Reputation: 529

How can I replace the URL-encoded sequences from a string in a C program?

I have a string that looks like:

http%3A%2F%2Fmanifest.googlevideo.com%2Fapi%2Fmanifest%2Fdash%2Fms%2Fau%2Fmt%2F1466992558%2Fmv%2Fm%2Fsver%2F3%2Fitag%2F0%2Fsignature%2F9811214A6751583E8AAD1951B992D8E011C91E5C.5DBFF1BD54C73C370B058B8BE27CB5848CEAF391%2Fkey%2Fyt6%2Fmn%2Fsn-ipoxu-un56%2Fas%2Ffmp4

There are some ~~control characters~~ URL-encoded characters within it and I want them to be replaced by characters instead.

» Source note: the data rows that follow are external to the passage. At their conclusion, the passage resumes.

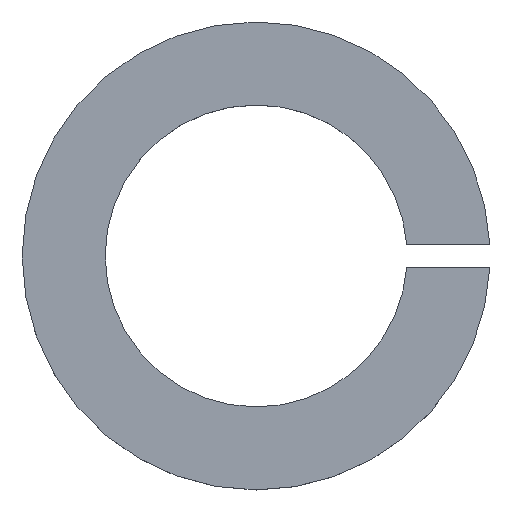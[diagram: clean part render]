
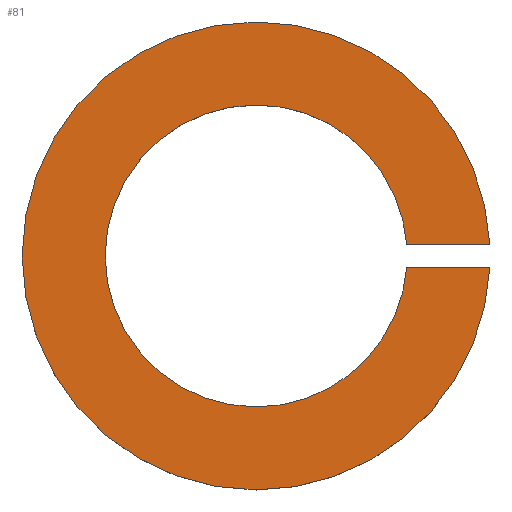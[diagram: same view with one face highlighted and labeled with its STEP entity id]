
A CAD part, top view. The second image highlights one B-rep face of the part: STEP entity #81.
In plain terms, the highlighted planar face has unit normal (0, 0, 1).
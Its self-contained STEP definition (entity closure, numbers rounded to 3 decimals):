
#81 = ADVANCED_FACE( '', ( #98 ), #99, .T. );
#98 = FACE_OUTER_BOUND( '', #118, .T. );
#99 = PLANE( '', #119 );
#118 = EDGE_LOOP( '', ( #168, #169, #170, #171, #172, #173, #174, #175 ) );
#119 = AXIS2_PLACEMENT_3D( '', #176, #177, #178 );
#168 = ORIENTED_EDGE( '', *, *, #221, .T. );
#169 = ORIENTED_EDGE( '', *, *, #224, .T. );
#170 = ORIENTED_EDGE( '', *, *, #218, .T. );
#171 = ORIENTED_EDGE( '', *, *, #215, .T. );
#172 = ORIENTED_EDGE( '', *, *, #223, .T. );
#173 = ORIENTED_EDGE( '', *, *, #205, .F. );
#174 = ORIENTED_EDGE( '', *, *, #225, .F. );
#175 = ORIENTED_EDGE( '', *, *, #211, .F. );
#176 = CARTESIAN_POINT( '', ( 0., 25.5, 5. ) );
#177 = DIRECTION( '', ( 0., 0., 1. ) );
#178 = DIRECTION( '', ( 0., 1., 0. ) );
#205 = EDGE_CURVE( '', #228, #231, #232, .T. );
#211 = EDGE_CURVE( '', #241, #237, #243, .T. );
#215 = EDGE_CURVE( '', #244, #249, #251, .T. );
#218 = EDGE_CURVE( '', #253, #244, #256, .T. );
#221 = EDGE_CURVE( '', #241, #259, #261, .T. );
#223 = EDGE_CURVE( '', #249, #231, #263, .T. );
#224 = EDGE_CURVE( '', #259, #253, #264, .T. );
#225 = EDGE_CURVE( '', #237, #228, #265, .T. );
#228 = VERTEX_POINT( '', #268 );
#231 = VERTEX_POINT( '', #272 );
#232 = CIRCLE( '', #273, 20. );
#237 = VERTEX_POINT( '', #279 );
#241 = VERTEX_POINT( '', #284 );
#243 = CIRCLE( '', #287, 20. );
#244 = VERTEX_POINT( '', #288 );
#249 = VERTEX_POINT( '', #294 );
#251 = CIRCLE( '', #297, 31. );
#253 = VERTEX_POINT( '', #299 );
#256 = CIRCLE( '', #303, 31. );
#259 = VERTEX_POINT( '', #307 );
#261 = LINE( '', #310, #311 );
#263 = LINE( '', #314, #315 );
#264 = CIRCLE( '', #316, 31. );
#265 = CIRCLE( '', #317, 20. );
#268 = CARTESIAN_POINT( '', ( 0., -20., 5. ) );
#272 = CARTESIAN_POINT( '', ( 19.944, -1.5, 5. ) );
#273 = AXIS2_PLACEMENT_3D( '', #321, #322, #323 );
#279 = CARTESIAN_POINT( '', ( 0., 20., 5. ) );
#284 = CARTESIAN_POINT( '', ( 19.944, 1.5, 5. ) );
#287 = AXIS2_PLACEMENT_3D( '', #333, #334, #335 );
#288 = CARTESIAN_POINT( '', ( 0., -31., 5. ) );
#294 = CARTESIAN_POINT( '', ( 30.964, -1.5, 5. ) );
#297 = AXIS2_PLACEMENT_3D( '', #341, #342, #343 );
#299 = CARTESIAN_POINT( '', ( 0., 31., 5. ) );
#303 = AXIS2_PLACEMENT_3D( '', #348, #349, #350 );
#307 = CARTESIAN_POINT( '', ( 30.964, 1.5, 5. ) );
#310 = CARTESIAN_POINT( '', ( 16., 1.5, 5. ) );
#311 = VECTOR( '', #353, 1. );
#314 = CARTESIAN_POINT( '', ( 0., -1.5, 5. ) );
#315 = VECTOR( '', #355, 1. );
#316 = AXIS2_PLACEMENT_3D( '', #356, #357, #358 );
#317 = AXIS2_PLACEMENT_3D( '', #359, #360, #361 );
#321 = CARTESIAN_POINT( '', ( 0., 0., 5. ) );
#322 = DIRECTION( '', ( 0., 0., 1. ) );
#323 = DIRECTION( '', ( 0., 1., 0. ) );
#333 = CARTESIAN_POINT( '', ( 0., 0., 5. ) );
#334 = DIRECTION( '', ( 0., 0., 1. ) );
#335 = DIRECTION( '', ( 0., 1., 0. ) );
#341 = CARTESIAN_POINT( '', ( 0., 0., 5. ) );
#342 = DIRECTION( '', ( 0., 0., 1. ) );
#343 = DIRECTION( '', ( 0., 1., 0. ) );
#348 = CARTESIAN_POINT( '', ( 0., 0., 5. ) );
#349 = DIRECTION( '', ( 0., 0., 1. ) );
#350 = DIRECTION( '', ( 0., 1., 0. ) );
#353 = DIRECTION( '', ( 1., 0., 0. ) );
#355 = DIRECTION( '', ( -1., 0., 0. ) );
#356 = CARTESIAN_POINT( '', ( 0., 0., 5. ) );
#357 = DIRECTION( '', ( 0., 0., 1. ) );
#358 = DIRECTION( '', ( 0., 1., 0. ) );
#359 = CARTESIAN_POINT( '', ( 0., 0., 5. ) );
#360 = DIRECTION( '', ( 0., 0., 1. ) );
#361 = DIRECTION( '', ( 0., 1., 0. ) );

Does anyone know if there is a convenient way to do this?

Upvotes: 1

Answers (4)

flodis

Reputation: 1221

This is a popular and compact conversion from number to hex char. It may inspire to other number to char translations.

char hex_digit(char c)
{
    return "0123456789ABCDEF"[c & 0x0F];
}

Upvotes: 0

Myst

Reputation: 19221

Read Jonathan Leffler's comprehensive answer, as the information in this answer and the code presented here is reviewed there with more information and benchmarks.

Notice the code here was revised, so it's presented towards the end of Jonathan Leffler's answer.

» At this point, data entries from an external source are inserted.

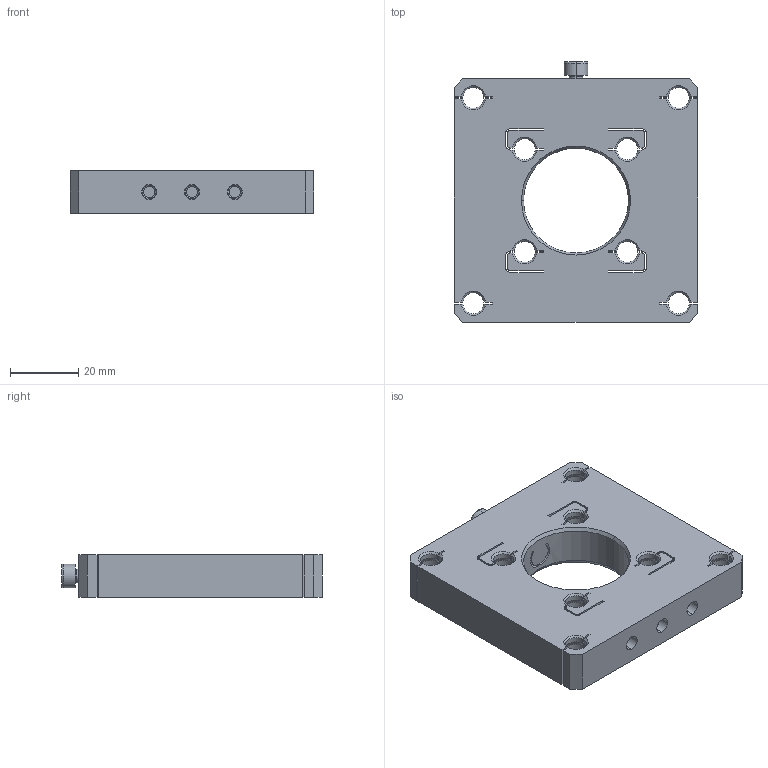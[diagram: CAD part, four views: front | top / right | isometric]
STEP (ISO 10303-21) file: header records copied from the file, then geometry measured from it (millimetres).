
FILE_DESCRIPTION (( 'STEP AP214' ), '1' );
FILE_NAME ('THR-120-020-010_00.STEP', '2025-01-15T19:47:34', ( '' ), ( '' ), 'SwSTEP 2.0', 'SolidWorks 2022', '' );
FILE_SCHEMA (( 'AUTOMOTIVE_DESIGN' ));
Length unit declared in the file: millimetre
Products named in the file (4): socket head cap screw_din_DIN 912 M4 x 20 --- 20N; THR-120-020-110_00; hex nut style 1 gradeab_din_Hexagon Nut ISO 4032 - M4 - D - N; THR-120-020-010_00
Assembly tree (5 placements, depth 2):
  THR-120-020-010_00
    THR-120-020-110_00
    socket head cap screw_din_DIN 912 M4 x 20 --- 20N
    hex nut style 1 gradeab_din_Hexagon Nut ISO 4032 - M4 - D - N  x3
Bounding box: 71.1 x 76.1 x 12.5 mm (x, y, z)
Volume: 48713.2 mm3; surface area: 19221.1 mm2
Topology: 5 solids, 5 shells, 375 faces, 994 edges, 633 vertices
Faces by surface type: plane 150, cone 126, cylinder 95, torus 4
Entity records: 10548 total; most frequent: CARTESIAN_POINT 2361, ORIENTED_EDGE 1744, DIRECTION 1612, EDGE_CURVE 872, AXIS2_PLACEMENT_3D 570, VERTEX_POINT 565, LINE 472, VECTOR 472

I'm editing the answer to incorporate Jonathan Leffler's concept of unifying the error check for escaped sequences (isxdigit) with the conversion from hex to char.

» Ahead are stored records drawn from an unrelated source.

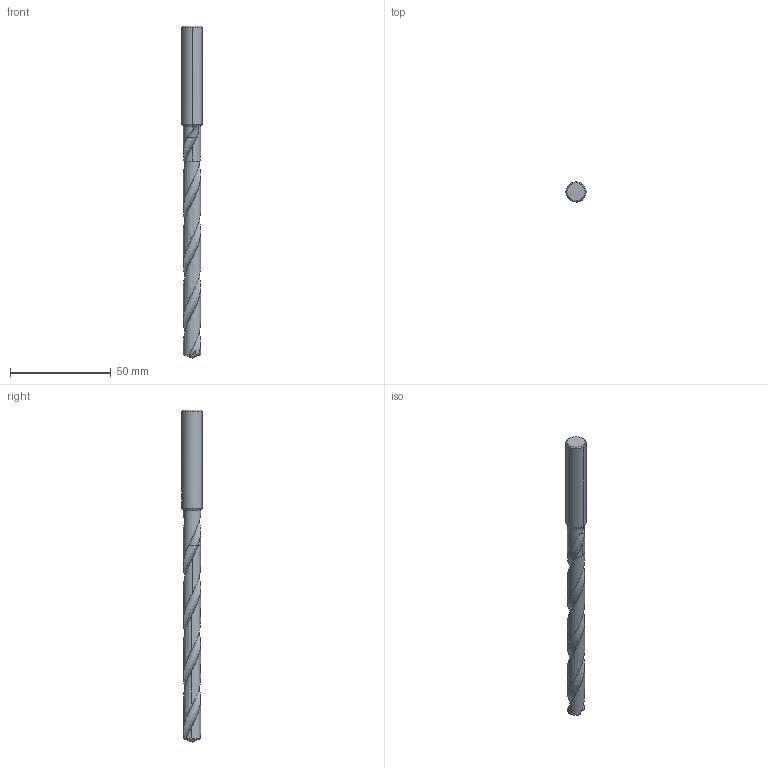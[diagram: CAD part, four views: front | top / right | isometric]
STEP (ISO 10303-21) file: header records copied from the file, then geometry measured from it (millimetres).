
FILE_DESCRIPTION(('no description'),'unknown implementation level');
FILE_NAME('soliduKjO6tXwZWE7IzGDwyk_NRfkkRw_1.STP',' ',('CIM GmbH Aachen'),('CADClick - KiM GmbH - www.kimweb.de'),'unknown preprocess','ACIS','unknown authorization');
FILE_SCHEMA(('automotive_design'));
Length unit declared in the file: millimetre
Products named in the file (2): 1; 2
Bounding box: 10 x 10 x 165 mm (x, y, z)
Volume: 8895.5 mm3; surface area: 5059.1 mm2
Topology: 2 solids, 2 shells, 64 faces, 173 edges, 109 vertices
Faces by surface type: cone 24, plane 18, cylinder 16, bspline 4, revolution 2
Entity records: 11261 total; most frequent: CARTESIAN_POINT 7861, STYLED_ITEM 344, PRESENTATION_STYLE_ASSIGNMENT 344, COLOUR_RGB 344, ORIENTED_EDGE 338, DIRECTION 255, EDGE_CURVE 169, CURVE_STYLE 169

I'm using a macro that causes the decoding function to return -1 on failure to decode (this can't be done with inline functions in a single step).

#define hex_val(c)                                                        \
  (((c) >= '0' && (c) <= '9') ? ((c)-48) : (((c) >= 'a' && (c) <= 'f') || \
                                            ((c) >= 'A' && (c) <= 'F'))     \
                                               ? (((c) | 32) - 87)        \
                                               : ({                       \
                                                   return -1;             \
                                                   0;                     \
                                                 }))

static ssize_t decode_url(char* dest, const char* url_data, size_t length) {
  char* pos = dest;
  const char* end = url_data + length;
  while (url_data < end) {
    if (*url_data == '+') {
      // decode space
      *(pos++) = ' ';
      ++url_data;
    } else if (*url_data == '%') {
      // decode hex value
      // this is a percent encoded value.
      *(pos++) = (hex_val(url_data[1]) << 4) | hex_val(url_data[2]);
      url_data += 3;
    } else
      *(pos++) = *(url_data++);
  }
  *pos = 0;
  return pos - dest;
}

#undef hex_val

Notice, that if you're going to always use a NUL terminated string, then there is no need to use strlen to calculate the length, since we can simply decode until we meet the NUL character.

i.e.:

static ssize_t decode_url_unsafe(char* dest, const char* url_data) {
  char* pos = dest;
  while (*url_data) {
     // [... same code as above ...]
  }
  *pos = 0;
  return pos - dest;
}

pre-edit

Here's another solution taken form this library I'm working on.

It might not be as short / elegant, but it avoids function calls (sscanf) and allows us to decode strings that aren't NULL terminated, which implicitly offers some protection from overflow.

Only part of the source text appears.